▶ WORK INSTRUCTIONS: The expected output is the complete listing, copied word for word.

INPUT MATERIAL: Begin

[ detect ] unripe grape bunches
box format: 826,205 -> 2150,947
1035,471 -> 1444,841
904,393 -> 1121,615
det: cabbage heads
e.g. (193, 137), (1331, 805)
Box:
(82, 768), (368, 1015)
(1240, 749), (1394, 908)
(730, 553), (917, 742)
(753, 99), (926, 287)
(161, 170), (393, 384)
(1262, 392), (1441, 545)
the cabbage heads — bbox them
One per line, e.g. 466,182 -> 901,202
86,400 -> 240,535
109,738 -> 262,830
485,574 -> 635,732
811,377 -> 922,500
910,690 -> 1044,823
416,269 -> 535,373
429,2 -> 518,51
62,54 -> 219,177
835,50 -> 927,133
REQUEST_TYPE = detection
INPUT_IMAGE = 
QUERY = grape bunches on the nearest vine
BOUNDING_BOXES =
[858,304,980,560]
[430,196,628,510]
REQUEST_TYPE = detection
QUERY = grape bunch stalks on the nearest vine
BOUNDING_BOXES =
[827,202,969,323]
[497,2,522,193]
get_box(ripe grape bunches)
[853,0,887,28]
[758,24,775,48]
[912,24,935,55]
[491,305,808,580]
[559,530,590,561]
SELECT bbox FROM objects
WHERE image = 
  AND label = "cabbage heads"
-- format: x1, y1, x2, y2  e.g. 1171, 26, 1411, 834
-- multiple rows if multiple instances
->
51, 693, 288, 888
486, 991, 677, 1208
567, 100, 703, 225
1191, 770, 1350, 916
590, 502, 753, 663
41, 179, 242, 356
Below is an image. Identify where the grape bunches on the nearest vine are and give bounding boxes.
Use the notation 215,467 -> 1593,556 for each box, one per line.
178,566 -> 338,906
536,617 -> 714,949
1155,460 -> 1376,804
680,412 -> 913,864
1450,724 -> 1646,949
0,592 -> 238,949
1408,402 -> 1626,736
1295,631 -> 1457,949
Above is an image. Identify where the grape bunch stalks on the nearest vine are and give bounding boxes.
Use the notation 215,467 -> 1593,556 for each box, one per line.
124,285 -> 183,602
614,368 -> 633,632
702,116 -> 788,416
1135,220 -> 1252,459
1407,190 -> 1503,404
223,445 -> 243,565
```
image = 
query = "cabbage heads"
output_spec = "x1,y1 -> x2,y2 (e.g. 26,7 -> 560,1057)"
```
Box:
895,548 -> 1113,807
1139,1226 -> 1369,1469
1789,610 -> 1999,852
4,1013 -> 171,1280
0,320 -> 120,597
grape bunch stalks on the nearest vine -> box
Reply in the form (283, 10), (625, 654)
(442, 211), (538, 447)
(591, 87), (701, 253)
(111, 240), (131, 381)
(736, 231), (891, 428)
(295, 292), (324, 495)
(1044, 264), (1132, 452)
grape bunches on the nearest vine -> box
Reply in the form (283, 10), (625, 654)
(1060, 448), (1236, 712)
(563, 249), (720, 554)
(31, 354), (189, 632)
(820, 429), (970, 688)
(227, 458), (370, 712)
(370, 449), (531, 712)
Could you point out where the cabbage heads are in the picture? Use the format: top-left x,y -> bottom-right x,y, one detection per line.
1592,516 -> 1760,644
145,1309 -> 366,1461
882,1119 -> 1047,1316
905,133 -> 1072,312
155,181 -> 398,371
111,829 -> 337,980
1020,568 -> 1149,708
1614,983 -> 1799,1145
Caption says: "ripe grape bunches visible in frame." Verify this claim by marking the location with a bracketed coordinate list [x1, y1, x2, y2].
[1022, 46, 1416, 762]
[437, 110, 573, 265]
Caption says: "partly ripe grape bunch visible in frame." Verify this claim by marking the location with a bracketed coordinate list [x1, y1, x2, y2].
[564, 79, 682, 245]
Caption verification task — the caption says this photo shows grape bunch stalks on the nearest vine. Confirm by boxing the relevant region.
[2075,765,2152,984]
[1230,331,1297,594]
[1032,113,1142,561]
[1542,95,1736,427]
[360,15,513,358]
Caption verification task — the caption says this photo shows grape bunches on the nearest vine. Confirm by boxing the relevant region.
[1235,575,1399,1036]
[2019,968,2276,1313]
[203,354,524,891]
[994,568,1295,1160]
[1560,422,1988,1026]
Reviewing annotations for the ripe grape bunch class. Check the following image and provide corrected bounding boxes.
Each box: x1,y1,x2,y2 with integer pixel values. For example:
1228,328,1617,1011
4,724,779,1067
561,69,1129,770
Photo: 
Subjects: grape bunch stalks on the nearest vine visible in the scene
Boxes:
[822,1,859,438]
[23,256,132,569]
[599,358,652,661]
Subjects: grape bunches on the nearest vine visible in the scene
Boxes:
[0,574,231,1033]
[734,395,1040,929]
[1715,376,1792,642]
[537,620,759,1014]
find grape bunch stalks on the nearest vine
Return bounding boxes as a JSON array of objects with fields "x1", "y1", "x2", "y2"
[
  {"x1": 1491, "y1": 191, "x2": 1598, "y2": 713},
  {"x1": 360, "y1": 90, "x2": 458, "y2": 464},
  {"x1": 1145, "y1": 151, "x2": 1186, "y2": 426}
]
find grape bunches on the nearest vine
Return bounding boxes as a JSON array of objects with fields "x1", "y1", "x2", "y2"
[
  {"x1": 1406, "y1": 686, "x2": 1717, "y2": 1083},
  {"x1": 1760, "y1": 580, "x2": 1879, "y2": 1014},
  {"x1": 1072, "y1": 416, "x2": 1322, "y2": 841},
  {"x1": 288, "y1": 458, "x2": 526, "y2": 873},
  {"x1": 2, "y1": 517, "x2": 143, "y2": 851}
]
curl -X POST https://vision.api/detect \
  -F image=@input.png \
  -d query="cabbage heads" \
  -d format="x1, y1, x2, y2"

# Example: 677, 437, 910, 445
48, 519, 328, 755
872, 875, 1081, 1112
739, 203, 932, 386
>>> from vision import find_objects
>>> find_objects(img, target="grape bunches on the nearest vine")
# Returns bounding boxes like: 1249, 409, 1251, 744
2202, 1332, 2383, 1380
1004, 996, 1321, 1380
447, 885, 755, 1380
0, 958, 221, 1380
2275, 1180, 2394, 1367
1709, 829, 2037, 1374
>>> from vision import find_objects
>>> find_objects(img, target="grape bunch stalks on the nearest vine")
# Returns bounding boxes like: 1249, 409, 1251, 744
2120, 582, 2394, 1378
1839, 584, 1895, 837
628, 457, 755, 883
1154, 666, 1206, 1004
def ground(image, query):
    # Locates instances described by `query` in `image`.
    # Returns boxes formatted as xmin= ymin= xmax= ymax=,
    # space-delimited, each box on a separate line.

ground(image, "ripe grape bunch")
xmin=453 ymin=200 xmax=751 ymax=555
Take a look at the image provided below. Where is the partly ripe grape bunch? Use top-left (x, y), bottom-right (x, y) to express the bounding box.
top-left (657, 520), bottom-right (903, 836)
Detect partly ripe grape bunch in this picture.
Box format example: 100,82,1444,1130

INPUT MATERIAL: End

▶ RESPONSE FOR THIS EXERCISE:
[ detect ] unripe grape bunches
box format: 826,205 -> 2150,947
1035,471 -> 1444,841
904,393 -> 1121,615
det: cabbage heads
e.g. (193, 137), (1331, 805)
Box:
(82, 768), (368, 1015)
(1240, 749), (1394, 908)
(730, 553), (917, 742)
(753, 99), (926, 287)
(161, 170), (393, 384)
(1262, 392), (1441, 545)
the cabbage heads — bbox them
One per line, e.g. 466,182 -> 901,202
86,400 -> 240,535
109,738 -> 262,830
485,574 -> 635,732
811,377 -> 922,500
910,690 -> 1044,823
416,269 -> 535,373
429,2 -> 518,51
62,54 -> 219,177
835,50 -> 927,133
REQUEST_TYPE = detection
INPUT_IMAGE = 
QUERY = grape bunches on the nearest vine
BOUNDING_BOXES =
[858,304,980,560]
[430,196,628,510]
REQUEST_TYPE = detection
QUERY = grape bunch stalks on the nearest vine
BOUNDING_BOXES =
[827,202,969,323]
[497,2,522,193]
get_box(ripe grape bunches)
[853,0,887,28]
[758,24,775,48]
[912,24,935,55]
[491,305,808,580]
[559,530,590,561]
SELECT bbox FROM objects
WHERE image = 
  AND label = "cabbage heads"
-- format: x1, y1, x2, y2  e.g. 1171, 26, 1411, 834
-- multiple rows if multiple instances
->
51, 693, 288, 888
486, 991, 677, 1208
567, 100, 703, 225
1191, 770, 1350, 916
590, 502, 753, 663
41, 179, 242, 356
Below is an image. Identify where the grape bunches on the nearest vine are and give bounding boxes.
Use the notation 215,467 -> 1593,556 for each box, one per line.
178,566 -> 338,906
536,617 -> 714,949
1155,460 -> 1376,804
680,412 -> 913,864
1450,724 -> 1646,949
0,592 -> 238,949
1408,402 -> 1626,736
1295,631 -> 1457,949
Above is an image. Identify where the grape bunch stalks on the nearest vine are and give bounding boxes.
Use the notation 215,467 -> 1593,556 for each box, one per line.
124,285 -> 183,602
614,368 -> 633,632
702,116 -> 788,416
1135,220 -> 1252,459
1407,190 -> 1503,404
223,445 -> 243,565
```
image = 
query = "cabbage heads"
output_spec = "x1,y1 -> x2,y2 (e.g. 26,7 -> 560,1057)"
```
Box:
895,548 -> 1113,807
1139,1226 -> 1369,1469
1789,610 -> 1999,852
4,1013 -> 171,1280
0,320 -> 120,597
grape bunch stalks on the nearest vine -> box
Reply in the form (283, 10), (625, 654)
(442, 211), (538, 447)
(591, 87), (701, 253)
(111, 240), (131, 381)
(736, 231), (891, 428)
(295, 292), (324, 495)
(1044, 264), (1132, 452)
grape bunches on the nearest vine -> box
Reply in the form (283, 10), (625, 654)
(1060, 448), (1236, 712)
(563, 249), (720, 554)
(31, 354), (189, 632)
(820, 429), (970, 688)
(227, 458), (370, 712)
(370, 449), (531, 712)
Could you point out where the cabbage heads are in the picture? Use the format: top-left x,y -> bottom-right x,y, one detection per line.
1592,516 -> 1760,644
145,1309 -> 366,1461
882,1119 -> 1047,1316
905,133 -> 1072,312
155,181 -> 398,371
111,829 -> 337,980
1020,568 -> 1149,708
1614,983 -> 1799,1145
Caption says: "ripe grape bunches visible in frame." Verify this claim by marking the location with a bracketed coordinate list [x1, y1, x2, y2].
[1022, 46, 1416, 762]
[437, 110, 573, 265]
Caption says: "partly ripe grape bunch visible in frame." Verify this claim by marking the location with a bracketed coordinate list [x1, y1, x2, y2].
[564, 79, 682, 245]
Caption verification task — the caption says this photo shows grape bunch stalks on the nearest vine. Confirm by boxing the relevant region.
[2075,765,2152,984]
[1230,331,1297,594]
[1032,113,1142,561]
[1542,95,1736,427]
[360,15,513,358]
Caption verification task — the caption says this photo shows grape bunches on the nearest vine. Confirm by boxing the relevant region.
[1235,575,1399,1036]
[2019,968,2276,1313]
[203,354,524,891]
[994,568,1295,1160]
[1560,422,1988,1026]
Reviewing annotations for the ripe grape bunch class. Check the following image and provide corrected bounding boxes.
Each box: x1,y1,x2,y2 with integer pixel values. For example:
1228,328,1617,1011
4,724,779,1067
561,69,1129,770
Photo: 
Subjects: grape bunch stalks on the nearest vine visible in the scene
Boxes:
[822,1,859,438]
[23,256,132,569]
[599,358,652,661]
Subjects: grape bunches on the nearest vine visible in the scene
Boxes:
[0,574,231,1033]
[734,395,1040,929]
[1715,376,1792,642]
[537,620,759,1014]
find grape bunch stalks on the nearest vine
Return bounding boxes as a JSON array of objects with fields "x1", "y1", "x2", "y2"
[
  {"x1": 1491, "y1": 191, "x2": 1598, "y2": 713},
  {"x1": 360, "y1": 90, "x2": 458, "y2": 464},
  {"x1": 1145, "y1": 151, "x2": 1186, "y2": 426}
]
find grape bunches on the nearest vine
Return bounding boxes as a JSON array of objects with fields "x1", "y1", "x2", "y2"
[
  {"x1": 1406, "y1": 686, "x2": 1717, "y2": 1083},
  {"x1": 1760, "y1": 580, "x2": 1879, "y2": 1014},
  {"x1": 1072, "y1": 416, "x2": 1322, "y2": 841},
  {"x1": 288, "y1": 458, "x2": 526, "y2": 873},
  {"x1": 2, "y1": 517, "x2": 143, "y2": 851}
]
curl -X POST https://vision.api/detect \
  -F image=@input.png \
  -d query="cabbage heads" \
  -d format="x1, y1, x2, y2"

# Example: 677, 437, 910, 445
48, 519, 328, 755
872, 875, 1081, 1112
739, 203, 932, 386
>>> from vision import find_objects
>>> find_objects(img, target="grape bunches on the nearest vine")
# Returns bounding boxes like: 1249, 409, 1251, 744
2202, 1332, 2383, 1380
1004, 996, 1321, 1380
447, 885, 755, 1380
0, 958, 221, 1380
2275, 1180, 2394, 1367
1709, 829, 2037, 1374
>>> from vision import find_objects
>>> find_objects(img, target="grape bunch stalks on the nearest vine")
# Returns bounding boxes like: 1249, 409, 1251, 744
2120, 582, 2394, 1378
1839, 584, 1895, 837
628, 457, 755, 883
1154, 666, 1206, 1004
def ground(image, query):
    # Locates instances described by `query` in `image`.
    # Returns boxes formatted as xmin= ymin= xmax= ymax=,
    # space-delimited, each box on a separate line.

ground(image, "ripe grape bunch")
xmin=453 ymin=200 xmax=751 ymax=555
Take a look at the image provided below. Where is the partly ripe grape bunch? Use top-left (x, y), bottom-right (x, y) to express the bounding box.
top-left (657, 520), bottom-right (903, 836)
Detect partly ripe grape bunch in this picture.
Box format example: 100,82,1444,1130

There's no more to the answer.